A truck travels up a hill with a 13◦
incline.
The truck has a constant speed of 18 m/s.
What is the horizontal component of the
truck’s velocity?
Answer in units of m/s
X = 18 * Cos13.
Well, if the truck is going up a hill at a 13◦ incline, it's going to need all the help it can get. So, the horizontal component of its velocity is actually going to be 18 m/s. It's trying to defy gravity here, so we can't blame it for going full speed ahead!
To find the horizontal component of the truck's velocity, we need to use trigonometry and the given information.
The truck's velocity can be represented as a vector with both horizontal and vertical components.

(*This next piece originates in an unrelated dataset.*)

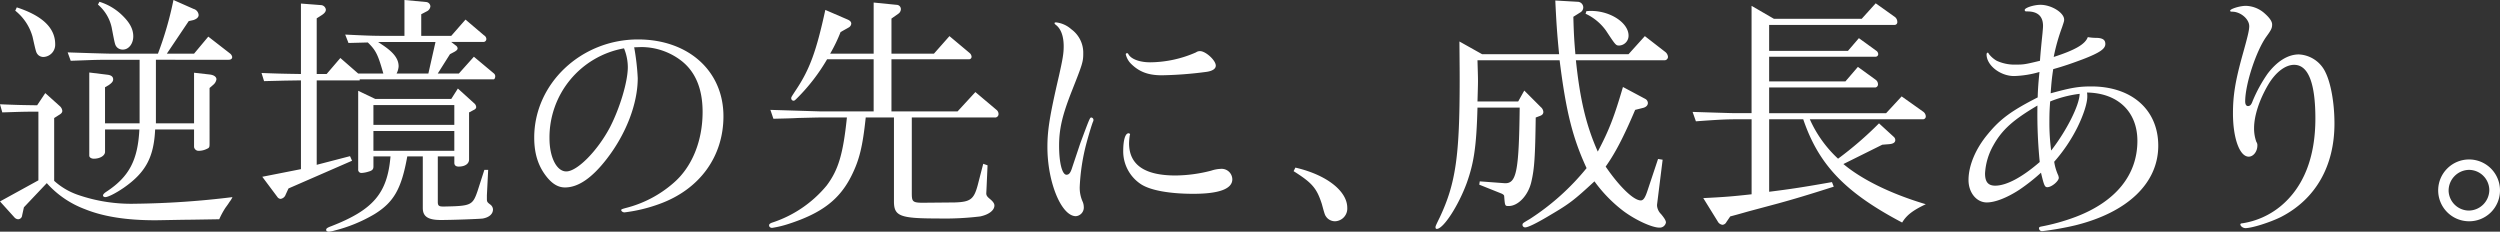 <svg xmlns="http://www.w3.org/2000/svg" width="672.403" height="62.317" viewBox="0 0 672.403 62.317"><rect x="0" y="0" width="672.403" height="62.317" fill="#333333" stroke="none"/><defs><style>.a{fill:#fff;}</style></defs><title>h1_ttl_jp</title><path class="a" d="M10.329,48.5V30.03c-4.446,0-5.13.068-9.713.2L0,28.046c4.926.205,5.678.205,9.987.273l2.19-3.283,3.967,3.557a1.937,1.937,0,0,1,.616,1.231c0,.411-.274.753-.89,1.095l-1.3.821v16.9a18.538,18.538,0,0,0,6.568,3.83,43.882,43.882,0,0,0,15.254,2.326,232.96,232.96,0,0,0,26.13-1.778,5.715,5.715,0,0,1-.752,1.231c-.342.547-.684,1.026-1.094,1.573a21.512,21.512,0,0,0-1.71,3.147c-4.173.068-7.8.137-9.1.137-4.378.068-7.045.137-8.139.137-7.662,0-13.887-.958-18.949-3.01a25.957,25.957,0,0,1-10.192-6.978l-6.156,6.5-.48,2.189a1.1,1.1,0,0,1-1.094,1.026,1.437,1.437,0,0,1-.958-.479L0,54.177ZM4.515,1.983C11.424,4.241,14.844,7.524,14.844,11.9A3.3,3.3,0,0,1,11.7,15.323a2.077,2.077,0,0,1-1.436-.548c-.547-.615-.547-.615-1.5-4.857A13.646,13.646,0,0,0,4.1,2.873ZM24.626,14.3c2.394.069,4.72.137,5.4.137H42.479A92.2,92.2,0,0,0,46.652,0l5.405,2.394a1.841,1.841,0,0,1,1.368,1.642c0,.615-.548,1.094-1.437,1.368l-1.231.273-5.883,8.756h7.319L56.024,9.85l5.815,4.515a1.534,1.534,0,0,1,.615.958c0,.478-.342.752-.958.752H41.933v17.1h10.26V19.563l4.242.479c1.094.137,1.778.616,1.778,1.3a2.426,2.426,0,0,1-.82,1.437l-1.027.889V38.58c0,1.095-.068,1.163-.821,1.505a4.932,4.932,0,0,1-2.052.479,1.225,1.225,0,0,1-1.3-1.026v-4.72H41.728c-.342,7.456-2.532,11.56-8.415,15.665-2.188,1.505-4.241,2.531-4.993,2.531-.342,0-.616-.205-.616-.411,0-.342.342-.684,1.095-1.163,5.951-3.967,8.277-8.413,8.687-16.622H28.252v6.02c0,1.026-1.368,1.847-3.01,1.847-.684,0-1.231-.342-1.231-.821V19.5L29,20.111q1.437.206,1.436,1.231c0,.548-.341.958-1.231,1.574l-.957.547v9.713h9.3v-17.1H30.03c-1.231,0-3.146,0-5.4.069l-5.609.205L18.2,14.091ZM26.747.478a15.317,15.317,0,0,1,5.677,3.216c2.394,2.189,3.421,4.035,3.421,6.088,0,1.984-1.232,3.557-2.8,3.557a2.154,2.154,0,0,1-1.642-.684c-.479-.616-.479-.616-1.368-5.267a11.221,11.221,0,0,0-3.694-6.157Z"/><path class="a" d="M80.941.957l5.336.411A1.4,1.4,0,0,1,87.645,2.6c0,.547-.411,1.026-1.163,1.505l-1.3.821V19.906h2.668l3.693-4.31,4.788,4.173H103.1c-1.436-5.062-1.983-6.225-4.172-8.346l-5.2.137L92.844,9.3c5.541.274,7.729.342,9.987.342h5.951V0l5.883.547A1.24,1.24,0,0,1,115.76,1.71a1.688,1.688,0,0,1-1.027,1.368l-1.436.753V9.645h8.072l3.83-4.378,4.994,4.241a1.193,1.193,0,0,1,.616.958.79.79,0,0,1-.821.821h-8.619l1.231.957a1.037,1.037,0,0,1,.479.753c0,.342-.273.615-.89.958l-1.163.615-3.283,5.2h5.678l4.036-4.515,5.4,4.515a.978.978,0,0,1,.343.752c0,.411-.205.821-.411.821H96.743v.274H85.183v22.71L94.144,42l.546,1.232-17.1,7.456-.753,1.642a1.714,1.714,0,0,1-1.368,1.163,1.162,1.162,0,0,1-.889-.548l-4.036-5.4,10.4-2.052V21.616l-4.378.068-5.541.137-.683-2.189c5.266.2,6.019.2,10.6.274Zm19.5,41.112v2.736c0,.753-.341,1.094-1.368,1.368a7.209,7.209,0,0,1-1.778.342.866.866,0,0,1-.958-.957V24.42l4.584,2.189h20.453l1.778-2.8,4.378,3.968a1.406,1.406,0,0,1,.547,1.025c0,.343-.273.616-.752.821l-1.163.616V42.89c0,1.163-1.095,1.915-2.8,1.915-.753,0-1.164-.342-1.164-1.026v-1.71h-4.446V54.313c0,.958.274,1.232,1.368,1.232h.479c7.046-.137,7.525-.342,8.824-4.105l1.848-5.746h1.025l-.342,6.841v.889c0,.821.069.958.89,1.574a1.747,1.747,0,0,1,.752,1.3c0,1.231-.957,2.121-2.668,2.463-.615.136-8.345.41-11.355.41-3.489,0-4.857-.958-4.857-3.215V42.069h-4.172c-1.574,8.756-3.626,12.313-8.825,15.528a40.444,40.444,0,0,1-10.876,4.446,5.926,5.926,0,0,1-1.437.274c-.41,0-.683-.2-.683-.479,0-.41.342-.616,1.436-1.026,11.218-4.378,15.049-8.824,15.87-18.743Zm21.753-8.482V28.251H100.436v5.336Zm0,6.977V35.228H100.436v5.336Zm-6.977-20.795,1.916-8.482h-15.46c.342.205.616.41.821.547,3.283,2.121,4.72,3.9,4.72,6.019a4.856,4.856,0,0,1-.547,1.916Z"/><path class="a" d="M170.57,12.723A64.12,64.12,0,0,1,171.527,21c0,6.909-3.146,15.049-8.345,21.753-3.967,5.13-7.662,7.662-11.218,7.662-1.71,0-3.215-.821-4.72-2.6-2.394-2.873-3.558-6.294-3.558-10.808,0-14.5,12.587-26.4,27.91-26.4,13.545,0,22.984,8.482,22.984,20.658,0,10.876-6.43,19.7-17.238,23.6a41.647,41.647,0,0,1-9.371,2.257c-.48,0-.89-.342-.89-.616,0-.205.205-.273,1.163-.547a30.972,30.972,0,0,0,12.929-6.772c4.925-4.241,7.8-11.218,7.8-19.085,0-6.293-1.984-10.945-5.883-13.886a17.663,17.663,0,0,0-10.6-3.557ZM167.834,13a24.342,24.342,0,0,0-20.043,24.215c0,5.062,1.915,8.893,4.515,8.893,2.941,0,8.414-5.541,11.765-11.9,2.668-5.2,4.788-12.244,4.788-16.143a13.462,13.462,0,0,0-.888-4.72Z"/><path class="a" d="M207.205,29.551l13.407.41h14.366V15.938H222.459a50.632,50.632,0,0,1-7.935,10.33c-.684.683-.821.82-1.094.82a.633.633,0,0,1-.617-.684c0-.274,0-.274,1.3-2.257,3.695-5.541,5.473-10.466,7.867-21.48l6.02,2.6c.615.274.957.616.957,1.094a1.287,1.287,0,0,1-.684,1.027l-2.188,1.231a41.418,41.418,0,0,1-2.805,5.814h11.7V.684l6.156.615A1.154,1.154,0,0,1,242.3,2.462a1.532,1.532,0,0,1-.685,1.232l-1.846,1.3v9.44h11.423l4.173-4.72,5.472,4.583a1.437,1.437,0,0,1,.479.958.675.675,0,0,1-.616.684H239.766V29.961h17.785l4.788-5.2,5.678,4.788a1.43,1.43,0,0,1,.547,1.094.918.918,0,0,1-1.026.958h-22.3V51.919c0,2.531.205,2.668,4.1,2.6l7.457-.069c4.172-.137,5.13-.821,6.156-4.583l1.5-5.814,1.163.41-.274,6.157-.069,1.368c0,.547.206.889.958,1.505.822.684,1.232,1.231,1.232,1.778,0,1.3-1.505,2.463-3.831,2.941a79.843,79.843,0,0,1-11.424.548c-10.124,0-11.766-.616-11.766-4.583V31.6h-7.593c-.82,7.8-1.71,11.424-3.83,15.665-3.215,6.43-8,10.055-16.828,12.928a27.582,27.582,0,0,1-4.514,1.095c-.479,0-.822-.274-.822-.684,0-.274.205-.479.685-.684a31.811,31.811,0,0,0,14.775-9.987c3.147-4.173,4.447-8.415,5.473-18.333h-7.183c-1.026,0-3.146.068-6.156.137-.821.068-3.353.136-6.431.205Z"/><path class="a" d="M290.54,38.58c2.6-6.977,2.6-6.977,3.01-6.977a.658.658,0,0,1,.547.616,1.008,1.008,0,0,1-.069.41c-.273.479-1.3,3.968-1.778,5.746A55.047,55.047,0,0,0,290.4,50.346a9.174,9.174,0,0,0,.821,3.967,3.676,3.676,0,0,1,.273,1.3,2.334,2.334,0,0,1-2.12,2.531c-3.9,0-7.661-9.1-7.661-18.606,0-4.515.615-8.414,3.078-19.017,1.025-4.583,1.3-6.088,1.3-8.071,0-2.737-.753-4.789-2.19-5.815-.2-.205-.273-.274-.273-.41s.137-.205.41-.205a7.39,7.39,0,0,1,4.1,1.846,7.79,7.79,0,0,1,3.215,6.5c0,2.257-.205,2.873-3.078,10.124-2.531,6.43-3.42,10.124-3.42,14.707s.821,7.8,1.984,7.8c.684,0,1.094-.479,1.573-2.052Zm13.407-2.394a.214.214,0,0,1-.068.137,15.971,15.971,0,0,0-.205,2.189c0,5.814,4.172,8.687,12.517,8.687a39.24,39.24,0,0,0,9.577-1.3,9.018,9.018,0,0,1,2.531-.478,2.868,2.868,0,0,1,3.147,2.805c0,2.6-3.625,3.9-10.465,3.9-6.3,0-11.424-.889-14.024-2.53a10.568,10.568,0,0,1-4.856-8.962c0-2.941.546-4.788,1.436-4.788A.383.383,0,0,1,303.947,36.186ZM327,17.648c0,.89-.959,1.5-2.736,1.71a101.624,101.624,0,0,1-11.766.89c-3.626,0-6.088-.89-8.346-3.147a5.184,5.184,0,0,1-1.368-2.531c0-.137.2-.274.342-.274s.273.069.411.343c.752,1.3,3.078,2.12,5.815,2.12a31.071,31.071,0,0,0,12.313-2.668,1.842,1.842,0,0,1,1.093-.342C324.264,13.749,327,16.212,327,17.648Z"/><path class="a" d="M348.409,45.079c8.345,1.915,13.953,6.293,13.953,10.808a3.414,3.414,0,0,1-3.283,3.625,2.95,2.95,0,0,1-2.188-.957c-.549-.684-.549-.684-1.369-3.694-1.367-4.241-2.6-5.678-7.592-8.824Z"/><path class="a" d="M398.616,14.57h20.726c-.547-5.541-.752-8.55-1.025-14.433l6.019.341a1.533,1.533,0,0,1,1.5,1.574,1.561,1.561,0,0,1-.82,1.3l-1.848,1.163c.137,5.13.274,6.772.549,10.055h14.3L442.4,9.713l5.473,4.242a1.871,1.871,0,0,1,.752,1.368.943.943,0,0,1-1.026.889H423.858c1.094,10.466,2.736,17.512,5.883,24.557,3.078-5.814,4.445-9.44,6.771-17.374l6.02,3.214a1.3,1.3,0,0,1,.683,1.095c0,.615-.478,1.094-1.23,1.3l-2.19.548c-3.078,7.251-5.4,11.7-7.935,15.254,3.695,5.4,7.525,9.1,9.441,9.1.684,0,1.162-.684,1.778-2.531l2.873-8.619,1.232.2-1.506,12.108v.273a3.6,3.6,0,0,0,1.094,2.258c.959,1.163,1.3,1.778,1.3,2.257a1.687,1.687,0,0,1-1.78,1.368c-1.982,0-6.429-2.052-9.644-4.446a37.882,37.882,0,0,1-7.8-8c-5.4,4.993-6.7,6.019-11.834,9.029-3.625,2.189-6.019,3.352-6.771,3.352a.7.7,0,0,1-.752-.615c0-.479,0-.479,1.982-1.643a65.036,65.036,0,0,0,15.256-13.68c-3.764-8.141-5.541-15.255-7.252-29H397.385c.069,2.462.137,4.309.137,5.609,0,1.163-.068,3.078-.137,5.472h10.944l1.642-2.941,4.445,4.446a1.87,1.87,0,0,1,.686,1.3c0,.547-.344.889-.959,1.094l-1.094.411c-.136,10.329-.342,13.75-1.164,17.238-.82,3.694-3.556,6.567-6.088,6.567-1.025,0-1.025,0-1.23-2.668,0-.274-.342-.547-.889-.752l-5.814-2.326.136-.889,6.43.478c3.42.343,4.1-2.668,4.309-20.316H397.385c-.275,10.466-.959,14.844-2.873,20.248-2.258,6.156-6.3,12.381-8.072,12.381-.2,0-.342-.136-.342-.41,0-.342,0-.342,1.162-2.736,4.24-9.03,5.336-16.349,5.336-36.8,0-2.394,0-2.394-.068-10.466ZM426.663,3.01a10.1,10.1,0,0,1,1.3-.069c5.2,0,10.055,3.215,10.055,6.636a2.636,2.636,0,0,1-2.461,2.667c-.959,0-.959,0-3.627-4.036a13.992,13.992,0,0,0-5.472-4.514Z"/><path class="a" d="M461.668,30.3c2.327.069,4.241.137,5.4.137h4.035V1.573l6.019,3.488h23.6L504.489.889l4.994,3.557a1.688,1.688,0,0,1,.82,1.437.738.738,0,0,1-.752.821H475.829v6.977h21.2l2.941-3.42,4.721,3.42a1.169,1.169,0,0,1,.478.889.7.7,0,0,1-.754.684H475.829V21.89H496.35l3.352-3.9,4.718,3.421a1.525,1.525,0,0,1,.686,1.231.843.843,0,0,1-.686.889H475.829V30.44h31.464l4.174-4.515L517.35,30.1a1.662,1.662,0,0,1,.615,1.231.758.758,0,0,1-.752.753H486.772a32.446,32.446,0,0,0,7.594,10.6,95.336,95.336,0,0,0,11.013-9.509l4.036,3.694a1.133,1.133,0,0,1,.341.821c0,.616-.547,1.026-1.777,1.095l-1.711.136-10.467,5.2c4.994,4.173,12.725,8,22.164,10.808-3.625,1.71-5.2,3.01-6.361,4.925C496.282,51.783,489.166,44.326,485,32.082h-9.166V51.577c6.019-.752,9.1-1.231,16.894-2.6l.481,1.231c-6.842,2.189-10.741,3.352-14.983,4.515l-7.66,2.052c-.752.2-2.6.752-5.2,1.436l-1.026,1.5a1.326,1.326,0,0,1-1.027.753,1.651,1.651,0,0,1-1.3-.889l-3.9-6.293c5.47-.274,7.455-.411,13-1.027V32.082h-4.035c-3.01,0-5.336.137-10.946.547l-.888-2.531Z"/><path class="a" d="M561.4,25.994c0,1.779-1.027,4.925-2.6,8.14a43.127,43.127,0,0,1-6.3,9.371,13.622,13.622,0,0,0,1.1,3.694,3.518,3.518,0,0,1,.137.616c0,.889-1.916,2.531-3.078,2.531-.684,0-.889-.41-1.711-3.9a50.619,50.619,0,0,1-5.815,4.583c-3.351,2.189-6.566,3.42-8.756,3.42-2.8,0-4.923-2.667-4.923-6.019,0-3.9,1.914-8.483,5.265-12.45,3.283-3.968,6.225-6.157,13.34-9.782.068-2.394.2-4.036.479-6.841a26.782,26.782,0,0,1-6.84,1.095c-3.7,0-7.389-2.873-7.389-5.814,0-.274.137-.479.342-.479.068,0,.137.068.273.341a7.163,7.163,0,0,0,2.121,1.848,11.566,11.566,0,0,0,5.336,1.025c1.916,0,2.326-.068,6.293-1.025.137-2.189.479-5.473.684-7.456.068-.821.137-1.437.137-1.916,0-2.668-1.5-3.967-4.446-3.9-.342,0-.478-.137-.478-.411,0-.547,2.394-1.368,4.24-1.368,2.941,0,6.361,2.121,6.361,3.968,0,.41,0,.41-.547,2.052a51.616,51.616,0,0,0-2.257,8c5.746-1.847,8.482-3.421,9.168-5.336a13.577,13.577,0,0,0,2.461.205c1.574.069,2.257.547,2.257,1.642,0,1.3-1.435,2.326-6.019,4.1-2.942,1.1-5.063,1.847-8,2.668-.342,2.257-.479,3.489-.684,6.5,5.473-1.5,7.457-1.847,10.946-1.847,10.877,0,17.99,6.294,17.99,15.939,0,10.055-8.209,17.922-22.3,21.411a80.374,80.374,0,0,1-8.893,1.573.809.809,0,0,1-.888-.821c0-.2.2-.342.547-.41a55.361,55.361,0,0,0,9.3-2.6c10.809-4.105,16.623-11.288,16.623-20.454,0-7.866-5.267-12.86-13.544-13A6.935,6.935,0,0,1,561.4,25.994Zm-13.408,2.394c-6.5,3.831-9.508,6.5-11.834,10.671a17.118,17.118,0,0,0-2.258,7.593c0,2.258.82,3.284,2.736,3.284,3.01,0,7.252-2.258,11.971-6.362A131.388,131.388,0,0,1,547.993,28.388Zm3.42-1.1c-.137,1.916-.206,3.01-.206,5.473a56.682,56.682,0,0,0,.479,7.73c4.174-5.4,7.594-12.177,7.662-15.255A30.774,30.774,0,0,0,551.413,27.293Z"/><path class="a" d="M610.02,22.847c-2.395,4.1-3.762,8.345-3.762,11.629a10.612,10.612,0,0,0,.616,3.694,1.476,1.476,0,0,1,.273.957c0,1.642-1.094,3.01-2.326,3.01-2.463,0-4.24-4.993-4.24-11.629,0-4.788.615-8.618,2.462-15.322,1.5-5.336,1.914-7.046,1.914-8.141,0-1.915-2.326-3.9-4.582-3.9-.41,0-.548-.068-.548-.273,0-.479,2.6-1.3,4.242-1.3A7.893,7.893,0,0,1,609.2,3.694c1.3,1.162,1.914,2.12,1.914,2.873,0,.957-.205,1.436-1.5,3.215-2.736,3.762-5.746,12.791-5.746,17.511,0,.753.273,1.232.752,1.232.547,0,.888-.342,1.232-1.3a39.039,39.039,0,0,1,4.035-7.388c2.532-3.352,5.473-5.2,8.414-5.2a8.361,8.361,0,0,1,7.182,4.856c1.437,2.941,2.395,8.209,2.395,13.75,0,11.423-5.063,20.316-14.366,25.105-2.873,1.436-7.8,3.009-9.576,3.009-.683,0-1.369-.547-1.369-1.026,0-.137.207-.273.549-.273a21.271,21.271,0,0,0,10.26-4.583c6.224-5.131,9.371-13.2,9.371-23.6,0-9.371-1.846-14.228-5.473-14.433C614.809,17.306,612.073,19.358,610.02,22.847Z"/><path class="a" d="M672.4,51.167a8.282,8.282,0,0,1-8.483,8.345,8.312,8.312,0,1,1,8.483-8.345Zm-13.819.2a5.5,5.5,0,0,0,5.473,5.267,5.579,5.579,0,0,0,5.473-5.472,5.489,5.489,0,0,0-5.473-5.473A5.58,5.58,0,0,0,658.584,51.372Z"/></svg>

The vertical component is the speed at which the truck is moving up the hill, while the horizontal component is the speed in the horizontal direction.
Given:
Incline angle = 13°
Speed of the truck = 18 m/s
We can use the trigonometric formula:
Horizontal component = Speed * cos(angle)
Plugging in the values:
Horizontal component = 18 m/s * cos(13°)
Using a calculator, we can find the cosine of 13°:
cos(13°) ≈ 0.9781
Now, we can calculate the horizontal component:
Horizontal component ≈ 18 m/s * 0.9781
Horizontal component ≈ 17.6 m/s
Therefore, the horizontal component of the truck's velocity is approximately 17.6 m/s.
To determine the horizontal component of the truck's velocity, we need to find the component of its velocity that is parallel to the ground (in the horizontal direction).
To do this, we can use trigonometry. The horizontal component of velocity can be found using the following formula:
Horizontal component of velocity = Total velocity * cosine(angle of incline)
In this case, the total velocity of the truck is given as 18 m/s and the angle of incline is given as 13°.
Using the formula, we substitute the values and calculate the horizontal component of velocity:
Horizontal component of velocity = 18 m/s * cos(13°)
Calculating this expression, we get:
Horizontal component of velocity ≈ 18 m/s * 0.9744
Simplifying further:
Horizontal component of velocity ≈ 17.538 m/s
Therefore, the horizontal component of the truck's velocity is approximately 17.538 m/s.